MATERIAL PROVIDED
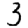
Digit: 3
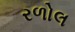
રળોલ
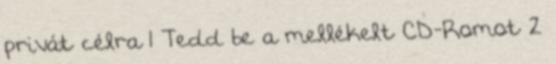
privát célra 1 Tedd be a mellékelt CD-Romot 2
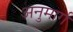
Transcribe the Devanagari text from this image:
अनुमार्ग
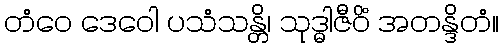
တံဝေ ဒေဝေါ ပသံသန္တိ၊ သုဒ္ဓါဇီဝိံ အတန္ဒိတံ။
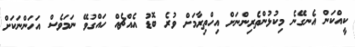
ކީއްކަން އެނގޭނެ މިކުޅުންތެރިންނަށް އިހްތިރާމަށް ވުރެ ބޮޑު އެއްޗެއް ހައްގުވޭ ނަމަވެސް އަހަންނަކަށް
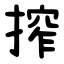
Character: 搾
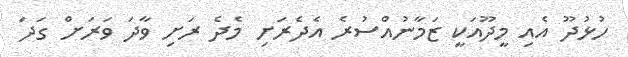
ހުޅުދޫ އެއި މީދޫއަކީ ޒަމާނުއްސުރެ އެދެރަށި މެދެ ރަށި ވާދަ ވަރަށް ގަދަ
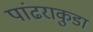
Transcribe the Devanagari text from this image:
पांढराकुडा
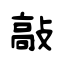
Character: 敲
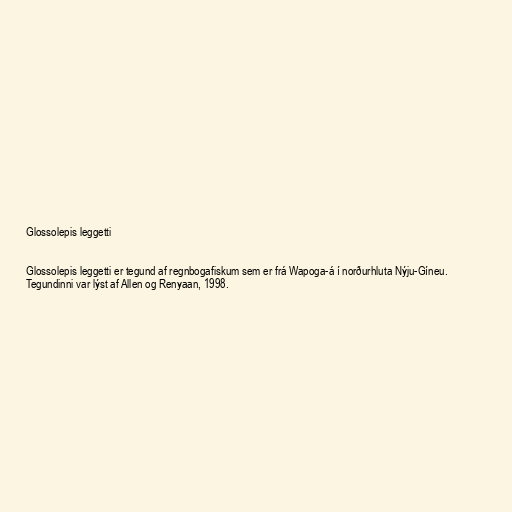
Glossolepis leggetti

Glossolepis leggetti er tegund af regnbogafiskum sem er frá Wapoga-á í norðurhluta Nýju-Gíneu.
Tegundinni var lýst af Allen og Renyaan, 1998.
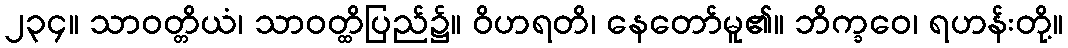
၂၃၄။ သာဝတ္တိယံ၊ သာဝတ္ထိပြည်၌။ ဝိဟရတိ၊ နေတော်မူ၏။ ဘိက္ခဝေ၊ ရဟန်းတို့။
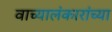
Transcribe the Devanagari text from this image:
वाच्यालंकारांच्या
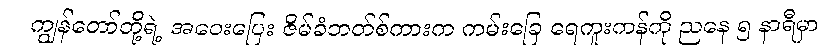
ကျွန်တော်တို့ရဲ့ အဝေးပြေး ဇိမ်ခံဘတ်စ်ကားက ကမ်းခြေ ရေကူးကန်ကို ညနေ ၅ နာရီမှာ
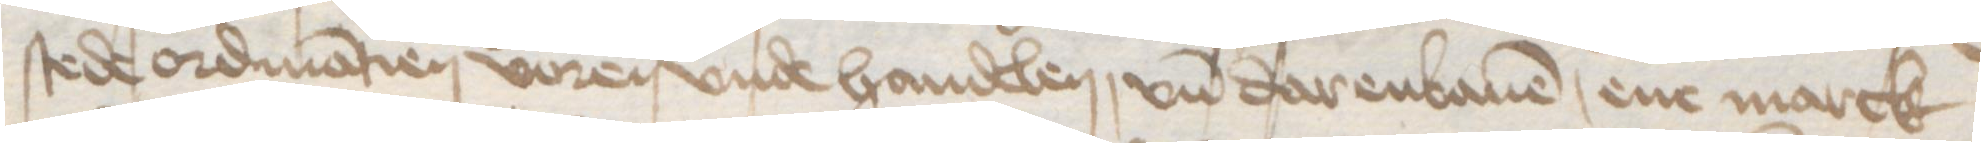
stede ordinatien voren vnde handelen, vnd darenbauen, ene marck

TRY IT
Starting at the line that contains "Character: 敲", restate every line through the end of the records exactly as written, but leave the pictures out.

EXERCISE RESULT
Character: 敲
Glossolepis leggetti

Glossolepis leggetti er tegund af regnbogafiskum sem er frá Wapoga-á í norðurhluta Nýju-Gíneu.
Tegundinni var lýst af Allen og Renyaan, 1998.
၂၃၄။ သာဝတ္တိယံ၊ သာဝတ္ထိပြည်၌။ ဝိဟရတိ၊ နေတော်မူ၏။ ဘိက္ခဝေ၊ ရဟန်းတို့။
Transcribe the Devanagari text from this image:
वाच्यालंकारांच्या
ကျွန်တော်တို့ရဲ့ အဝေးပြေး ဇိမ်ခံဘတ်စ်ကားက ကမ်းခြေ ရေကူးကန်ကို ညနေ ၅ နာရီမှာ
stede ordinatien voren vnde handelen, vnd darenbauen, ene marck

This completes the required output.